= Beginning of Section =
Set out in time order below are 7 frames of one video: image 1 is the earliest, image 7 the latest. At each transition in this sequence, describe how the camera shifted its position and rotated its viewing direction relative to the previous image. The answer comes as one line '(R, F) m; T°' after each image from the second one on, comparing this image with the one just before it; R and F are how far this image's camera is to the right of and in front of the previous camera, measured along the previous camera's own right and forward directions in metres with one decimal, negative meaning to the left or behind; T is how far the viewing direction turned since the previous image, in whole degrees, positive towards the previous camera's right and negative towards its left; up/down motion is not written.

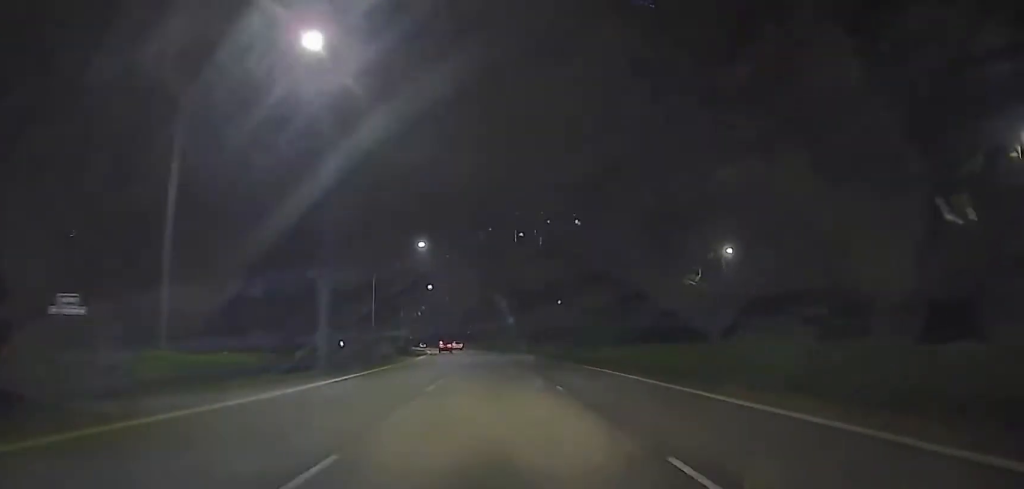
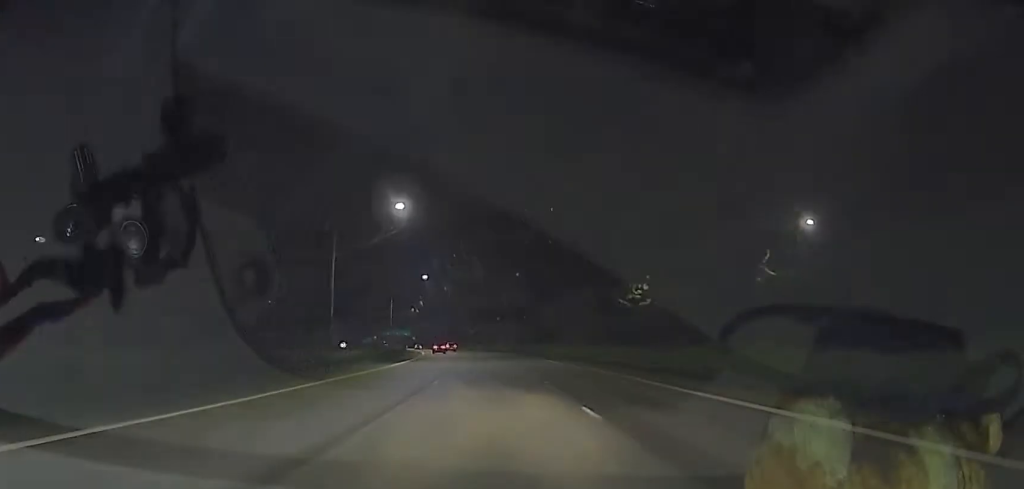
(0.0, +17.8) m; -1°
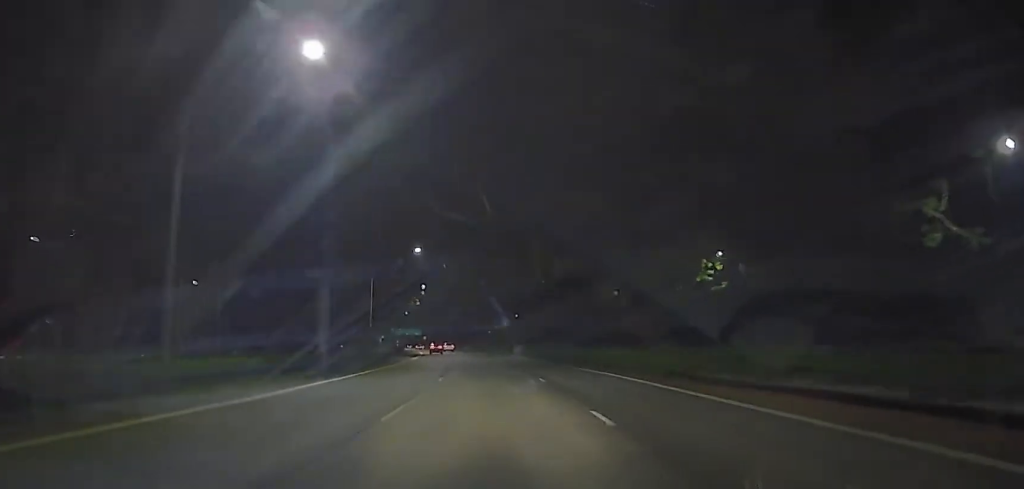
(-0.5, +24.8) m; -2°
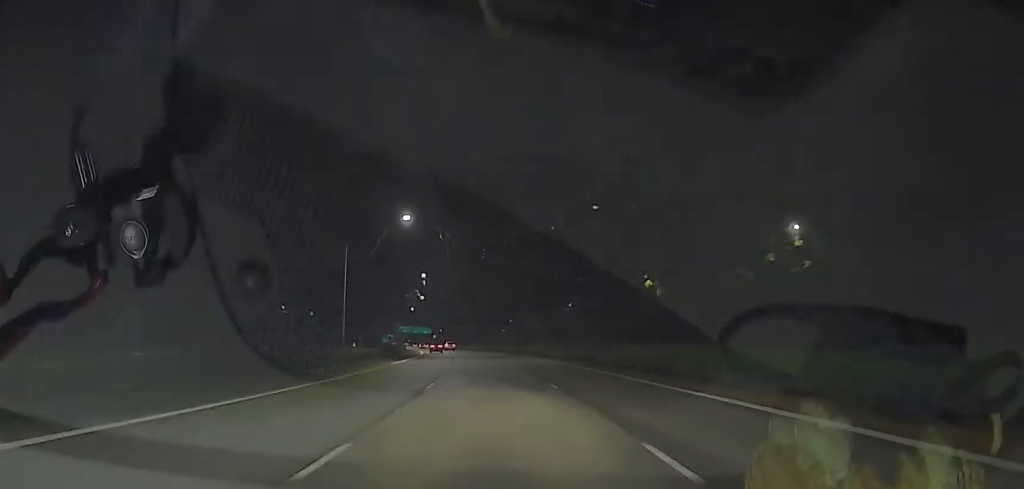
(-0.1, +16.2) m; 0°
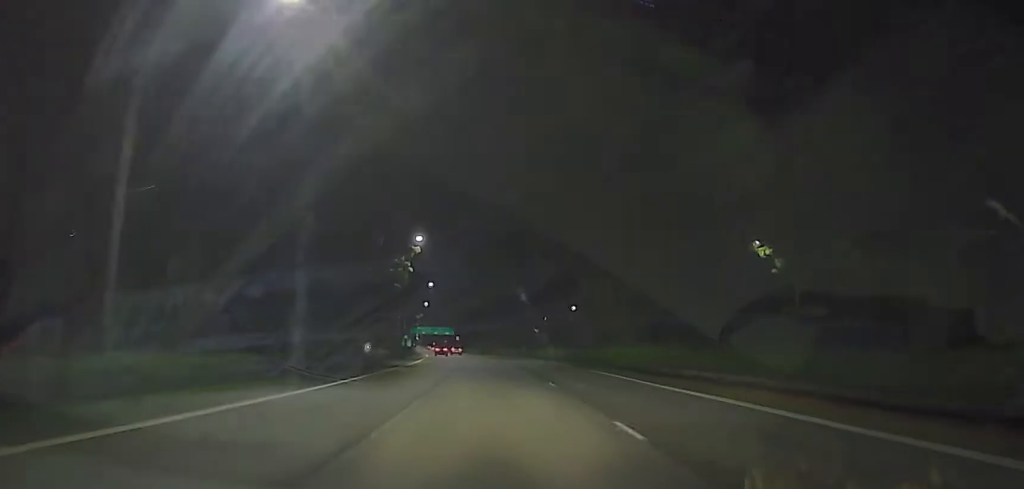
(0.0, +32.5) m; -1°
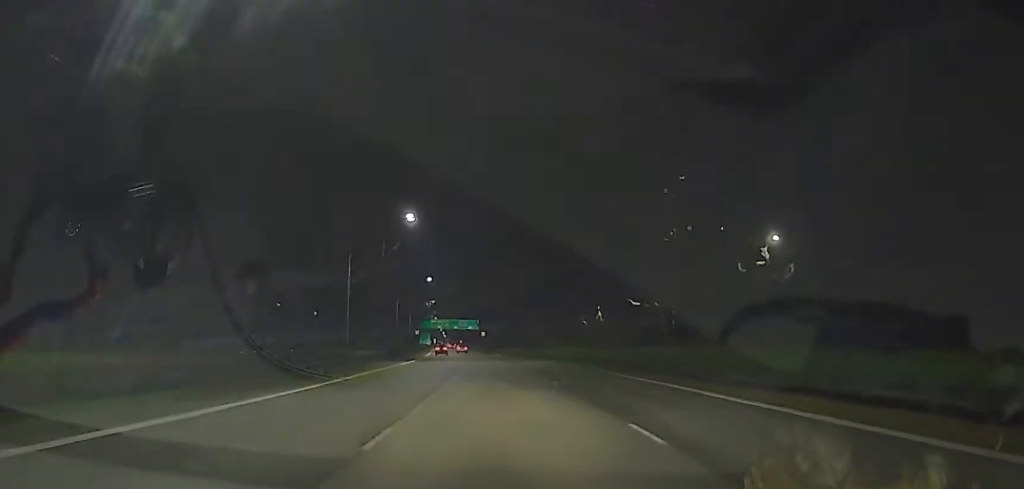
(-1.1, +48.4) m; -4°
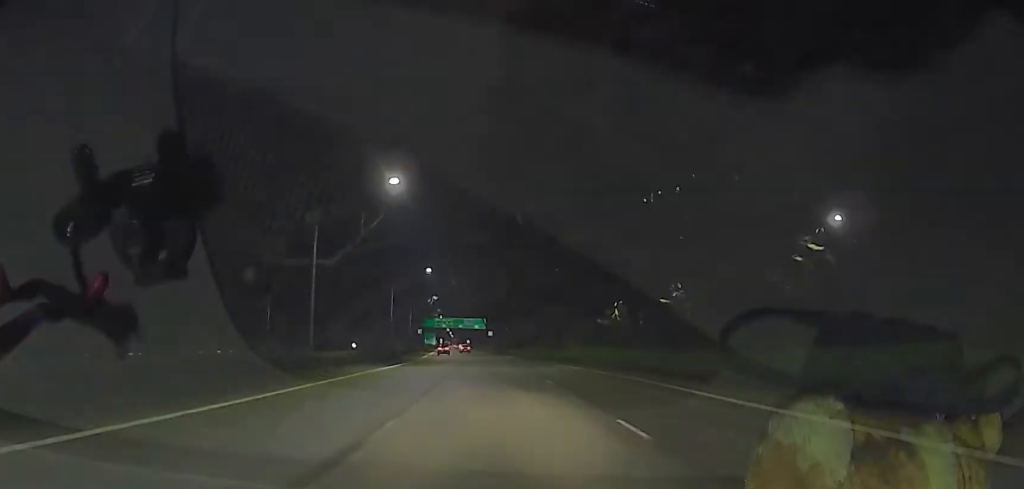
(-0.4, +11.4) m; -1°
= End of Section =
● **GOAL OF THE EXERCISE**:
Exact repetition of the material above is required, with the images removed.

● **EXERCISE OUTPUT**:
Set out in time order below are 7 frames of one video: image 1 is the earliest, image 7 the latest. At each transition in this sequence, describe how the camera shifted its position and rotated its viewing direction relative to the previous image. The answer comes as one line '(R, F) m; T°' after each image from the second one on, comparing this image with the one just before it; R and F are how far this image's camera is to the right of and in front of the previous camera, measured along the previous camera's own right and forward directions in metres with one decimal, negative meaning to the left or behind; T is how far the viewing direction turned since the previous image, in whole degrees, positive towards the previous camera's right and negative towards its left; up/down motion is not written.

(0.0, +17.8) m; -1°
(-0.5, +24.8) m; -2°
(-0.1, +16.2) m; 0°
(0.0, +32.5) m; -1°
(-1.1, +48.4) m; -4°
(-0.4, +11.4) m; -1°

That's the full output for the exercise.